*DIRECTIONS*: Would you copy every record exactly as it stands and drop the pictures?

Entries taken from a collection:

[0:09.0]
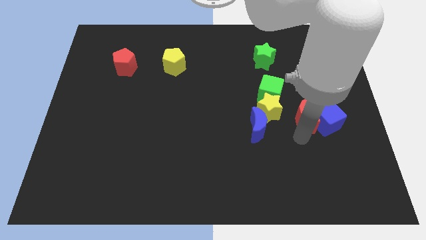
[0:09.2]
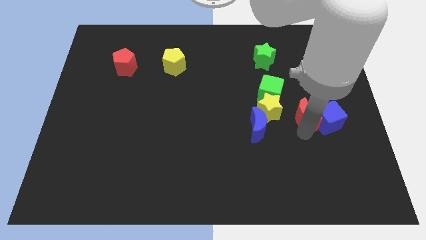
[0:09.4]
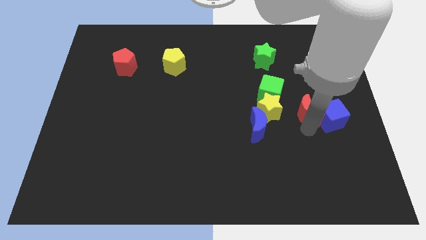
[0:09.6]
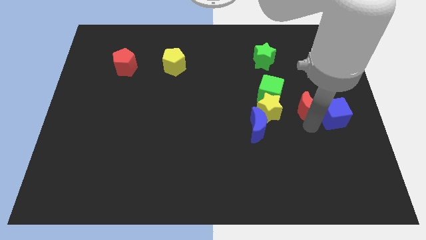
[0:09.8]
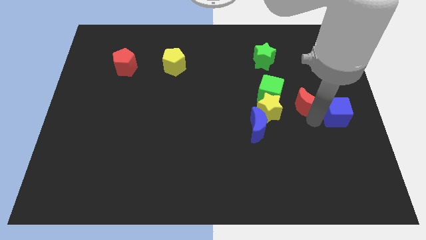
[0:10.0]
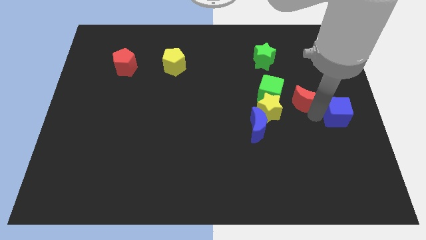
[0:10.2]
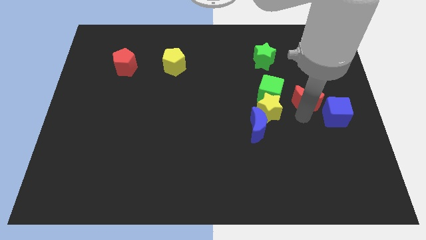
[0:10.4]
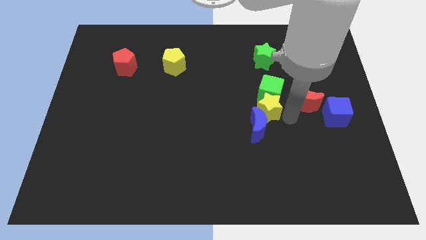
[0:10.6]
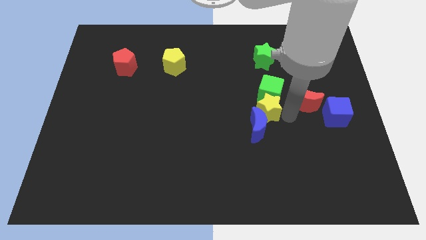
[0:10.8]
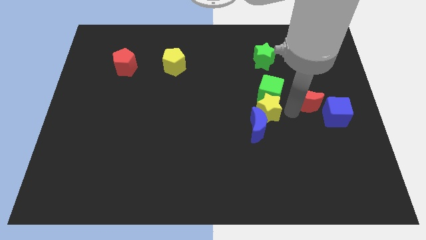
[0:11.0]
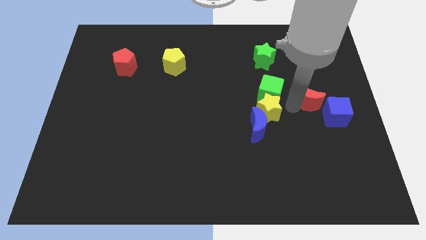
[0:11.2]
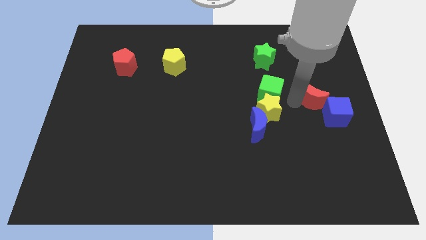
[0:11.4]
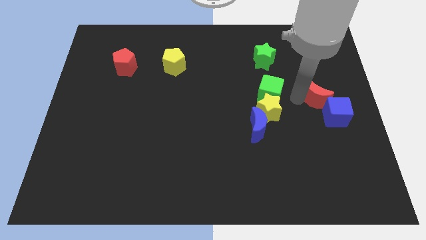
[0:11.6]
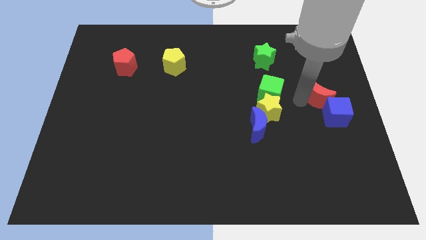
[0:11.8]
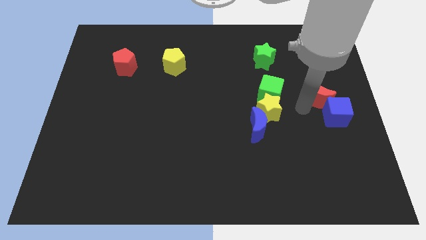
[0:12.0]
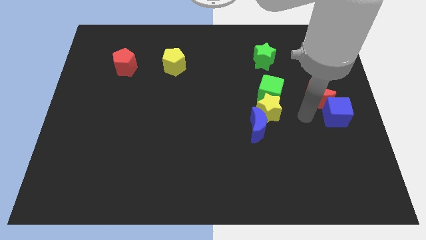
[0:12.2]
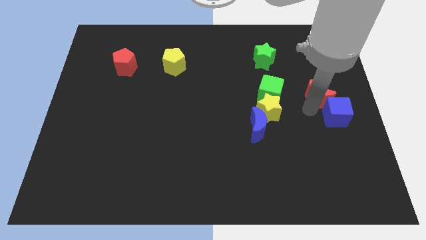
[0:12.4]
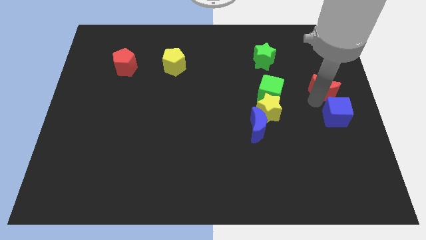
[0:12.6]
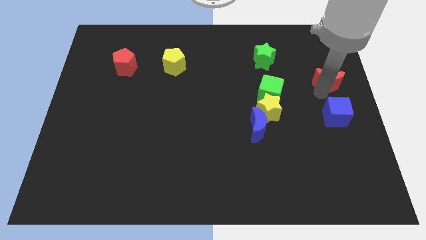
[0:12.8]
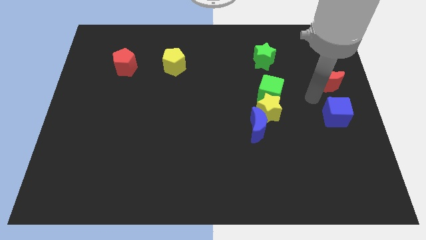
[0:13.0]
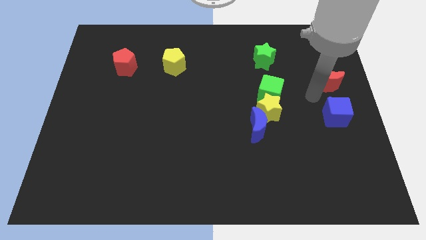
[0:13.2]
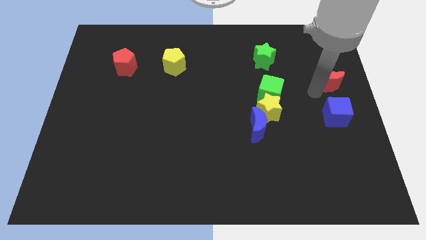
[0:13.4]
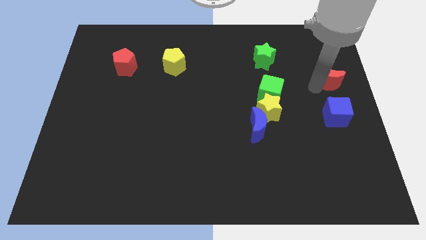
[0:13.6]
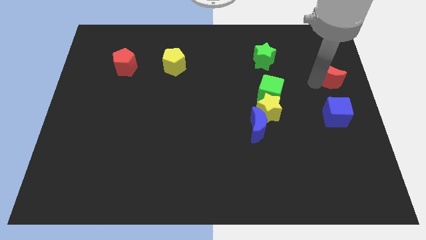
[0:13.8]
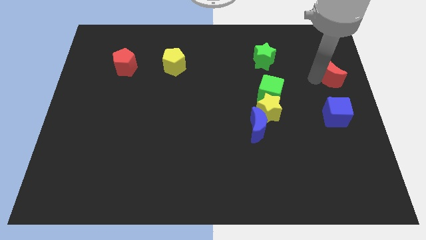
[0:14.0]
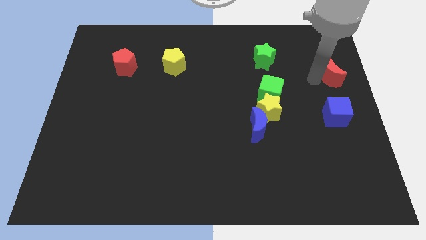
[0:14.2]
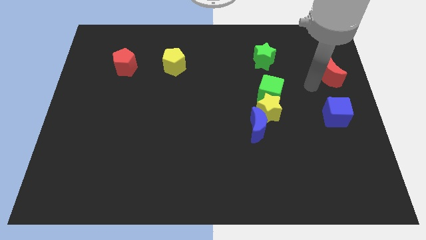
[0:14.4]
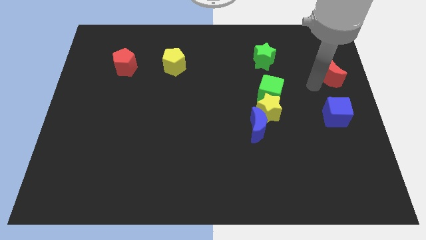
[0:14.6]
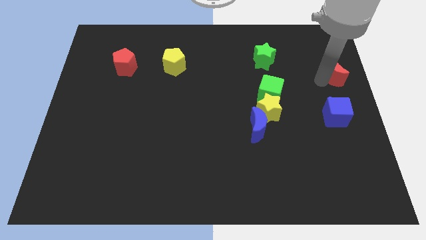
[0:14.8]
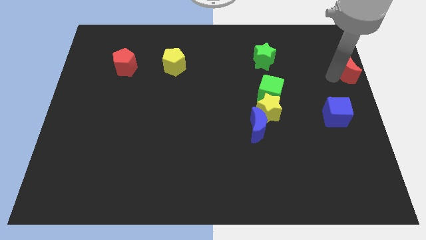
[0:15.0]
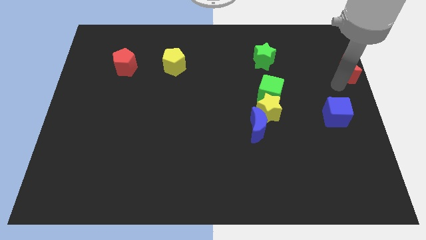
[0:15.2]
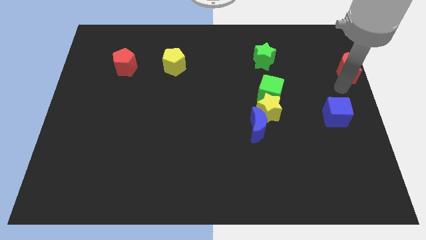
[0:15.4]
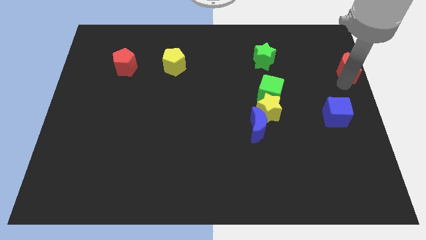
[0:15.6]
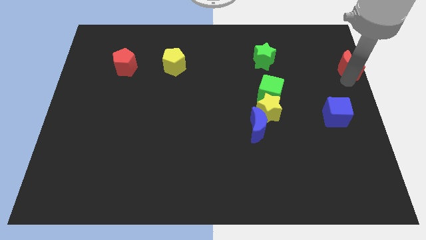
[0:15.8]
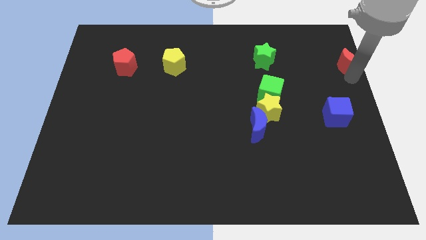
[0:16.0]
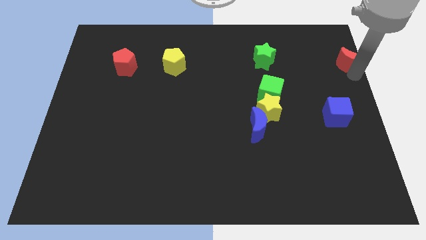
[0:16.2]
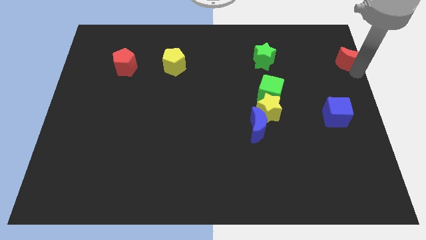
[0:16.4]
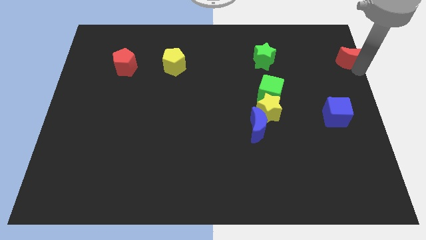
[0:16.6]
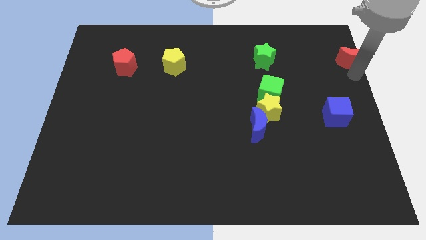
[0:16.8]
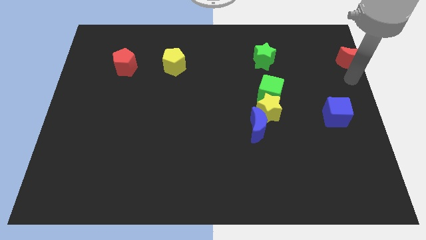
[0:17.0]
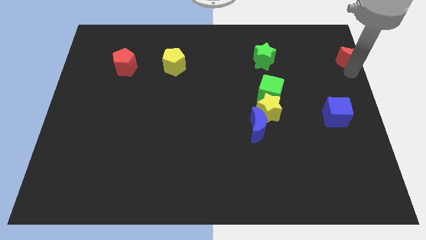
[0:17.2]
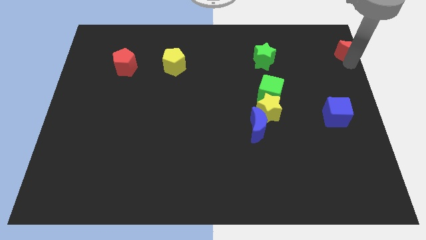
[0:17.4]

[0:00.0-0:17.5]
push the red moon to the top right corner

*EXERCISE RESPONSE*:
[0:09.0]
[0:09.2]
[0:09.4]
[0:09.6]
[0:09.8]
[0:10.0]
[0:10.2]
[0:10.4]
[0:10.6]
[0:10.8]
[0:11.0]
[0:11.2]
[0:11.4]
[0:11.6]
[0:11.8]
[0:12.0]
[0:12.2]
[0:12.4]
[0:12.6]
[0:12.8]
[0:13.0]
[0:13.2]
[0:13.4]
[0:13.6]
[0:13.8]
[0:14.0]
[0:14.2]
[0:14.4]
[0:14.6]
[0:14.8]
[0:15.0]
[0:15.2]
[0:15.4]
[0:15.6]
[0:15.8]
[0:16.0]
[0:16.2]
[0:16.4]
[0:16.6]
[0:16.8]
[0:17.0]
[0:17.2]
[0:17.4]

[0:00.0-0:17.5]
push the red moon to the top right corner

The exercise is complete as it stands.